Wieczne łakomstwo

24 0 0
                                    

-Z każdym kolejnym dniem wyglądasz coraz to paskudniej. Co się dzieje chłopcze? - Szyderczy glos wypełza z ciemności. Chłopak podskoczył z zaskoczenia łapiąc się za medalion na szyi. Była to pamiątka po zmarłych rodzicach przedstawiająca złotego żurawia spoczywającego na jednej nodze. Odetchnął głębiej, wypuścił ozdobę z dłoni po czym niepewnie uniósł lampę aby rzucić nie co światła na pomieszczenie.

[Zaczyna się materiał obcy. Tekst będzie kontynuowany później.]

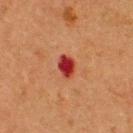Clinical impression:
Imaged during a routine full-body skin examination; the lesion was not biopsied and no histopathology is available.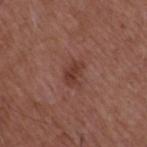Assessment:
The lesion was tiled from a total-body skin photograph and was not biopsied.
Clinical summary:
Captured under white-light illumination. Measured at roughly 2.5 mm in maximum diameter. A male subject, aged 48 to 52. From the upper back. A roughly 15 mm field-of-view crop from a total-body skin photograph.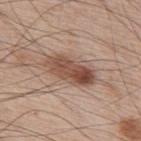Assessment:
Part of a total-body skin-imaging series; this lesion was reviewed on a skin check and was not flagged for biopsy.
Image and clinical context:
On the upper back. Imaged with white-light lighting. The recorded lesion diameter is about 6 mm. A male patient aged around 65. Cropped from a whole-body photographic skin survey; the tile spans about 15 mm.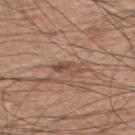Notes:
* location · the back
* subject · male, aged around 60
* imaging modality · 15 mm crop, total-body photography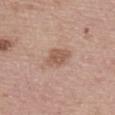biopsy status — imaged on a skin check; not biopsied | image — 15 mm crop, total-body photography | patient — female, aged around 65 | location — the back | automated metrics — an average lesion color of about L≈55 a*≈20 b*≈28 (CIELAB); a border-irregularity index near 2.5/10, a color-variation rating of about 1.5/10, and radial color variation of about 0.5 | lighting — white-light illumination | size — about 2.5 mm.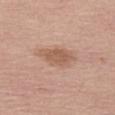Assessment: Part of a total-body skin-imaging series; this lesion was reviewed on a skin check and was not flagged for biopsy.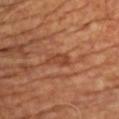biopsy_status: not biopsied; imaged during a skin examination
image:
  source: total-body photography crop
  field_of_view_mm: 15
site: chest
patient:
  sex: male
  age_approx: 55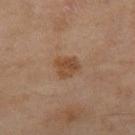Impression: The lesion was photographed on a routine skin check and not biopsied; there is no pathology result. Context: A female subject, about 60 years old. Located on the right thigh. A roughly 15 mm field-of-view crop from a total-body skin photograph. The lesion's longest dimension is about 3 mm.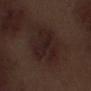The lesion was tiled from a total-body skin photograph and was not biopsied.
A close-up tile cropped from a whole-body skin photograph, about 15 mm across.
Captured under white-light illumination.
Located on the left thigh.
Automated image analysis of the tile measured a footprint of about 22 mm², a shape eccentricity near 0.6, and a shape-asymmetry score of about 0.2 (0 = symmetric). The software also gave a lesion color around L≈20 a*≈15 b*≈16 in CIELAB, roughly 5 lightness units darker than nearby skin, and a normalized border contrast of about 7.5.
The subject is a male roughly 70 years of age.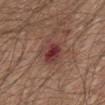Impression: The lesion was photographed on a routine skin check and not biopsied; there is no pathology result. Background: A male subject, aged approximately 65. The lesion is located on the abdomen. The tile uses white-light illumination. Approximately 3.5 mm at its widest. This image is a 15 mm lesion crop taken from a total-body photograph. Automated tile analysis of the lesion measured an area of roughly 7.5 mm², an eccentricity of roughly 0.55, and two-axis asymmetry of about 0.2. The analysis additionally found a border-irregularity rating of about 2/10, internal color variation of about 6.5 on a 0–10 scale, and radial color variation of about 1.5.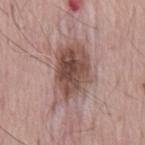biopsy_status: not biopsied; imaged during a skin examination
lighting: white-light
automated_metrics:
  eccentricity: 0.8
  shape_asymmetry: 0.25
  cielab_L: 49
  cielab_a: 19
  cielab_b: 22
  vs_skin_darker_L: 14.0
  vs_skin_contrast_norm: 9.5
  border_irregularity_0_10: 3.5
  nevus_likeness_0_100: 80
image:
  source: total-body photography crop
  field_of_view_mm: 15
patient:
  sex: male
  age_approx: 55
lesion_size:
  long_diameter_mm_approx: 7.0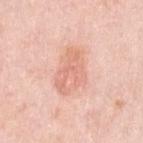Impression:
No biopsy was performed on this lesion — it was imaged during a full skin examination and was not determined to be concerning.
Acquisition and patient details:
From the left upper arm. A female patient roughly 65 years of age. A lesion tile, about 15 mm wide, cut from a 3D total-body photograph.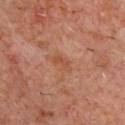<lesion>
  <biopsy_status>not biopsied; imaged during a skin examination</biopsy_status>
  <site>chest</site>
  <image>
    <source>total-body photography crop</source>
    <field_of_view_mm>15</field_of_view_mm>
  </image>
  <automated_metrics>
    <area_mm2_approx>3.0</area_mm2_approx>
    <eccentricity>0.9</eccentricity>
    <cielab_L>46</cielab_L>
    <cielab_a>23</cielab_a>
    <cielab_b>31</cielab_b>
    <vs_skin_darker_L>6.0</vs_skin_darker_L>
    <vs_skin_contrast_norm>5.5</vs_skin_contrast_norm>
    <border_irregularity_0_10>4.5</border_irregularity_0_10>
    <color_variation_0_10>0.0</color_variation_0_10>
    <peripheral_color_asymmetry>0.0</peripheral_color_asymmetry>
    <nevus_likeness_0_100>0</nevus_likeness_0_100>
    <lesion_detection_confidence_0_100>100</lesion_detection_confidence_0_100>
  </automated_metrics>
  <patient>
    <sex>male</sex>
    <age_approx>60</age_approx>
  </patient>
</lesion>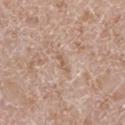<record>
<patient>
  <sex>male</sex>
  <age_approx>60</age_approx>
</patient>
<site>left lower leg</site>
<image>
  <source>total-body photography crop</source>
  <field_of_view_mm>15</field_of_view_mm>
</image>
<lighting>white-light</lighting>
<lesion_size>
  <long_diameter_mm_approx>2.5</long_diameter_mm_approx>
</lesion_size>
</record>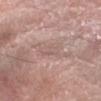Captured during whole-body skin photography for melanoma surveillance; the lesion was not biopsied.
Automated image analysis of the tile measured a lesion area of about 4.5 mm² and an outline eccentricity of about 0.75 (0 = round, 1 = elongated). It also reported a detector confidence of about 20 out of 100 that the crop contains a lesion.
The recorded lesion diameter is about 3 mm.
A region of skin cropped from a whole-body photographic capture, roughly 15 mm wide.
A male patient, about 70 years old.
On the left forearm.
The tile uses white-light illumination.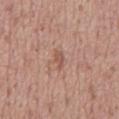Q: Was a biopsy performed?
A: total-body-photography surveillance lesion; no biopsy
Q: What are the patient's age and sex?
A: male, approximately 70 years of age
Q: Illumination type?
A: white-light
Q: What did automated image analysis measure?
A: a lesion color around L≈54 a*≈22 b*≈27 in CIELAB and a normalized lesion–skin contrast near 6; a border-irregularity index near 3.5/10, a color-variation rating of about 0.5/10, and a peripheral color-asymmetry measure near 0; a classifier nevus-likeness of about 0/100 and lesion-presence confidence of about 100/100
Q: What kind of image is this?
A: ~15 mm crop, total-body skin-cancer survey
Q: Where on the body is the lesion?
A: the mid back
Q: How large is the lesion?
A: about 2.5 mm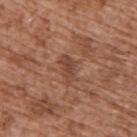biopsy status = imaged on a skin check; not biopsied | image-analysis metrics = a lesion area of about 5 mm², an eccentricity of roughly 0.85, and two-axis asymmetry of about 0.3 | size = ~3.5 mm (longest diameter) | location = the upper back | subject = male, in their mid- to late 70s | tile lighting = white-light illumination | imaging modality = total-body-photography crop, ~15 mm field of view.

W miejscu z którego dobiegał głos leżał przypięty do ścian lochu nagi oraz wygłodzony mężczyzna. Przez jego ciało przebiegało mnóstwo blizn oraz śladów po oparzeniach. Jednak najgorsza była twarz. Długie włosy zasłaniające wiekszą jej cześć odkrywały niebieskie lewe oko którym wiezień spoglądał na Merlina. Spokojne spojrzenie pełne drwin oraz radości wbijało się w głowę chłopaka budząc przerażenie. Spojrzenie śmierci. Merlin bal się. Widział przed sobą ledwo żywego jednak w dalszym ciagu szalenie niebezpiecznego człowieka.
Chłopak podszedł bez słowa i położył metalową miskę z strawą w zasięgu lewej ręki skazańca. - Kim jestem? - spytał cicho mężczyzna prostując się i spoglądając smutno przez okno na zachmurzone niebo. Merlin przyjrzał mu się. Więzień mial wysokie oraz dobrze zbudowane choć niesamowicie brudne ciało na którym blizny po ogniu szerzyły się az do stop. -
-Hamer Nieśmiertelny- odpowiedział cicho Merlin po czym dodał po chwili zamysłu- oskarżony o morderstwa, zamachy, rabunki oraz kradzieże. Skazany na okres nieokreślony. -
Gdy skończył Hamer wybuchł śmiechem. Zabrał energicznym ruchem strawę i zaczął jeść z uśmiechem.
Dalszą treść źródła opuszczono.